Assignment
Below are records; the lines starting at the one with "What plant is" and ending at the one with "Name the crop and its condition." must be reproduced exactly, both included. Pictures must not appear.

Data provided
+-------+

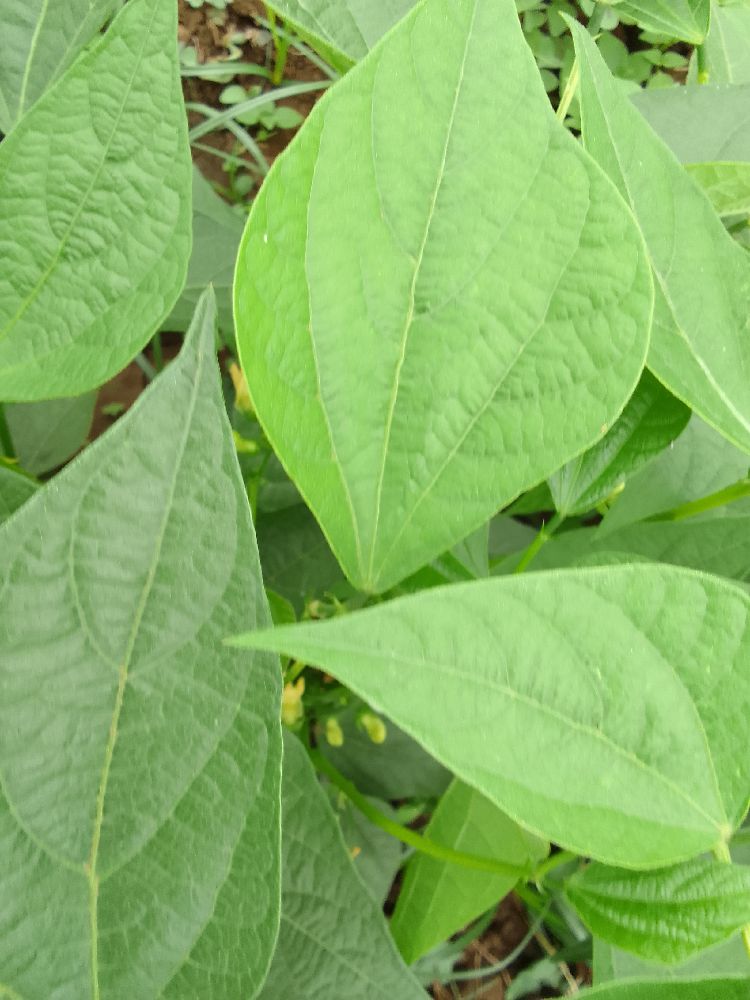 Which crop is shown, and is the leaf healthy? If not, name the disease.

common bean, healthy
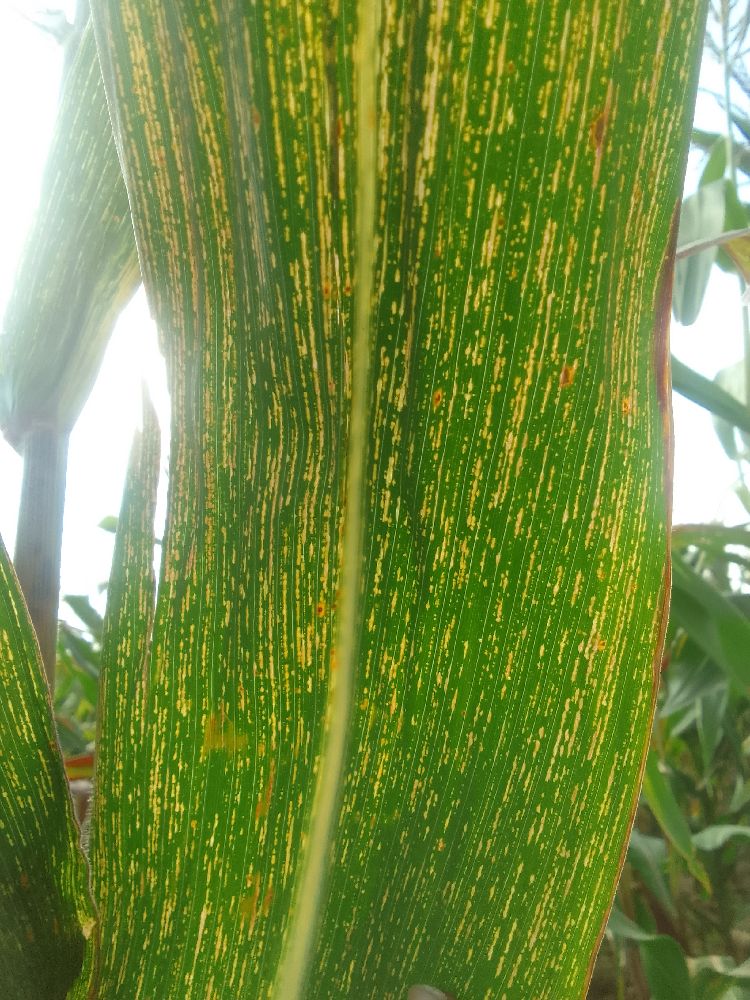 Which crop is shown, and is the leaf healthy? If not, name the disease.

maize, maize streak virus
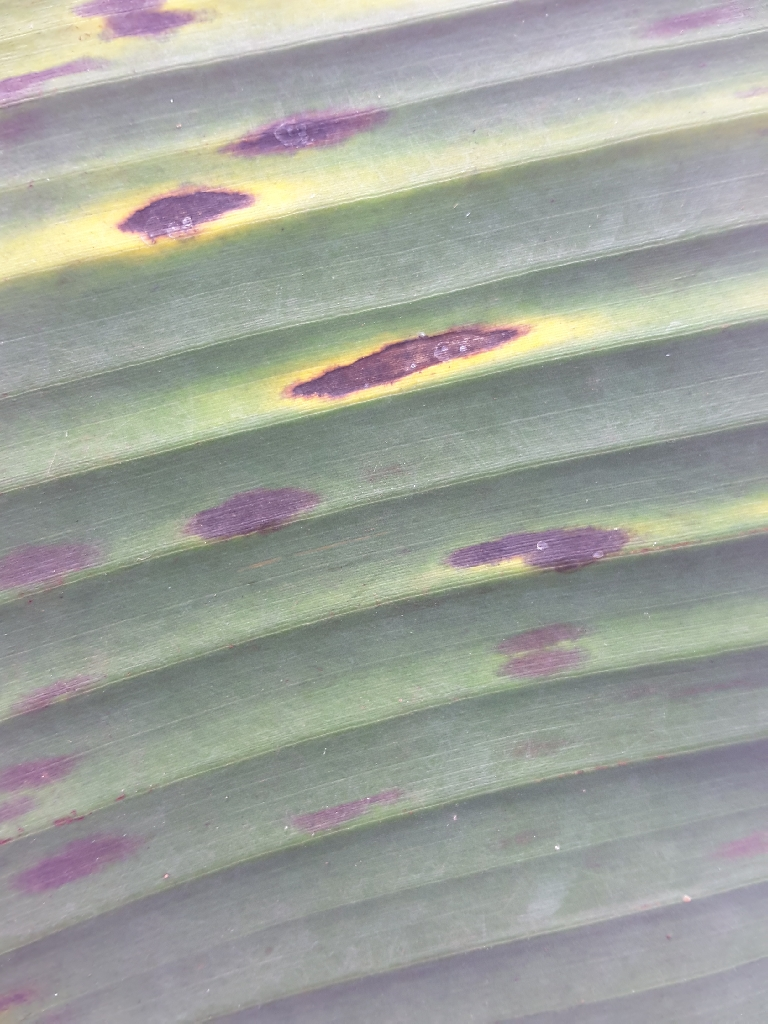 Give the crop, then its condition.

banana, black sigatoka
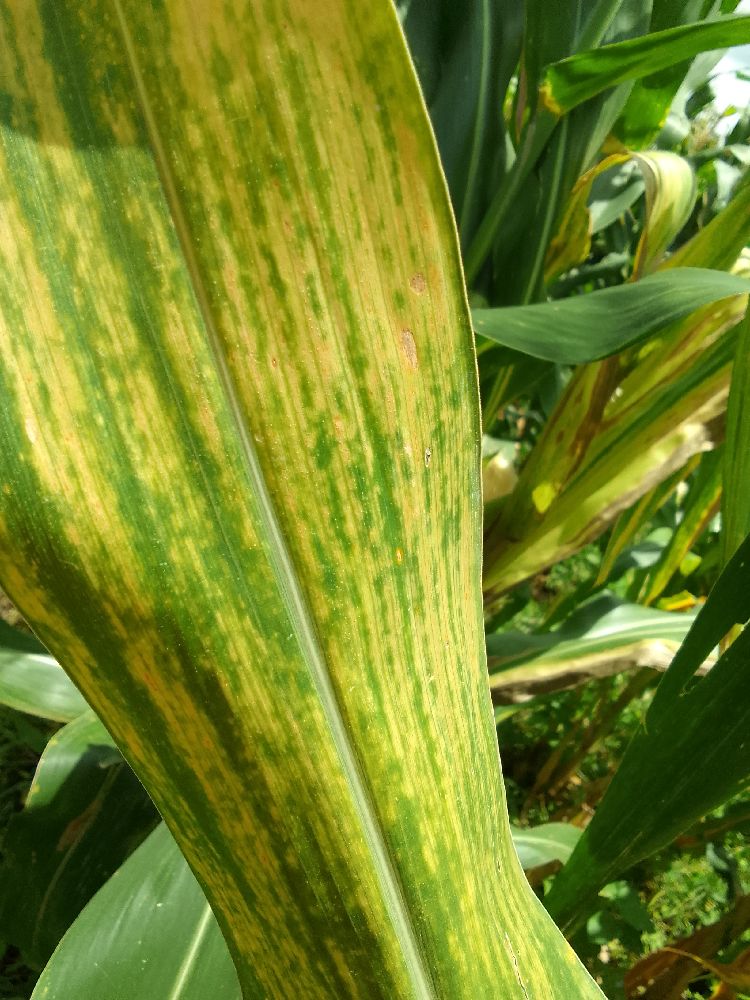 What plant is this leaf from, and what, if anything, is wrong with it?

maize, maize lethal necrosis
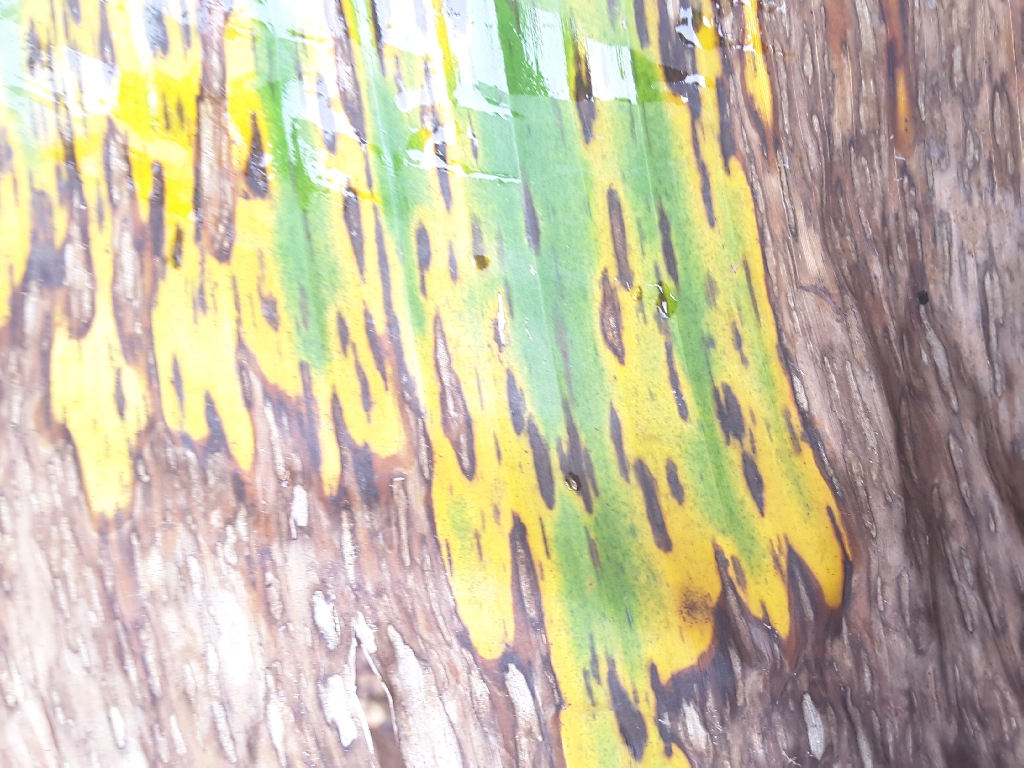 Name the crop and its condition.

+-------+

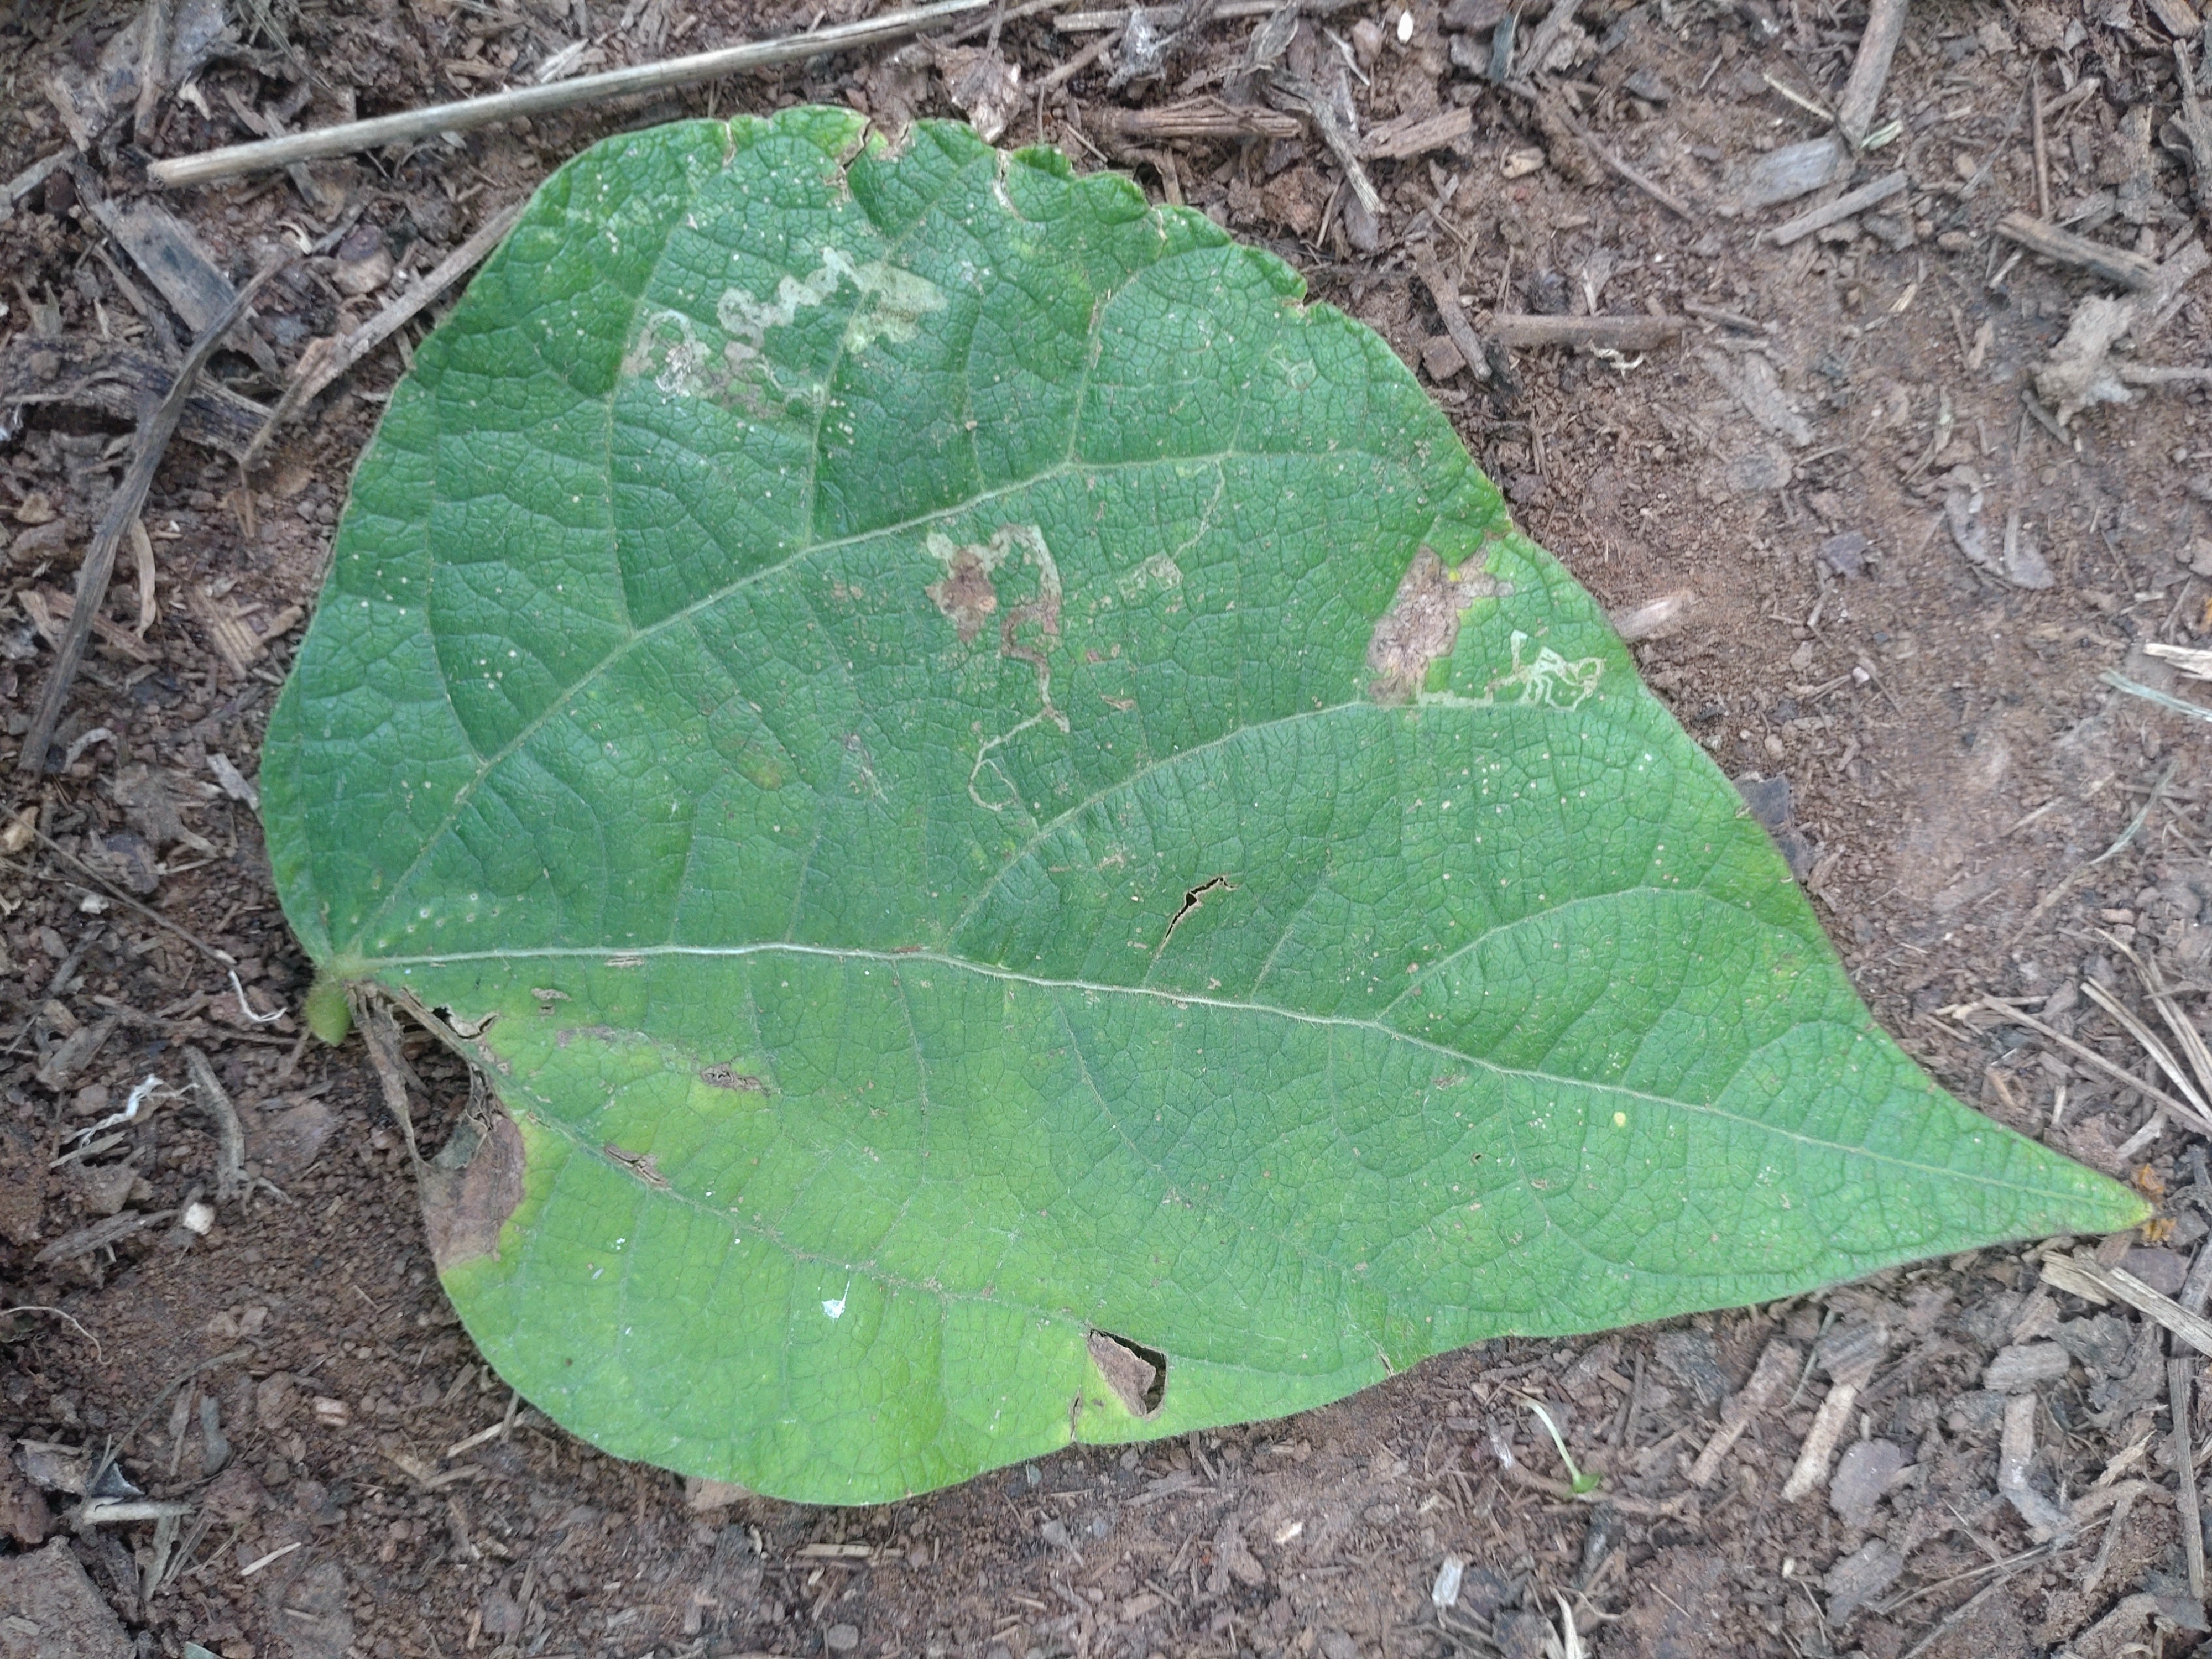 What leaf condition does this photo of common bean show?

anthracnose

+-------+

Response to the task
 What plant is this leaf from, and what, if anything, is wrong with it?

maize, maize lethal necrosis
 Name the crop and its condition.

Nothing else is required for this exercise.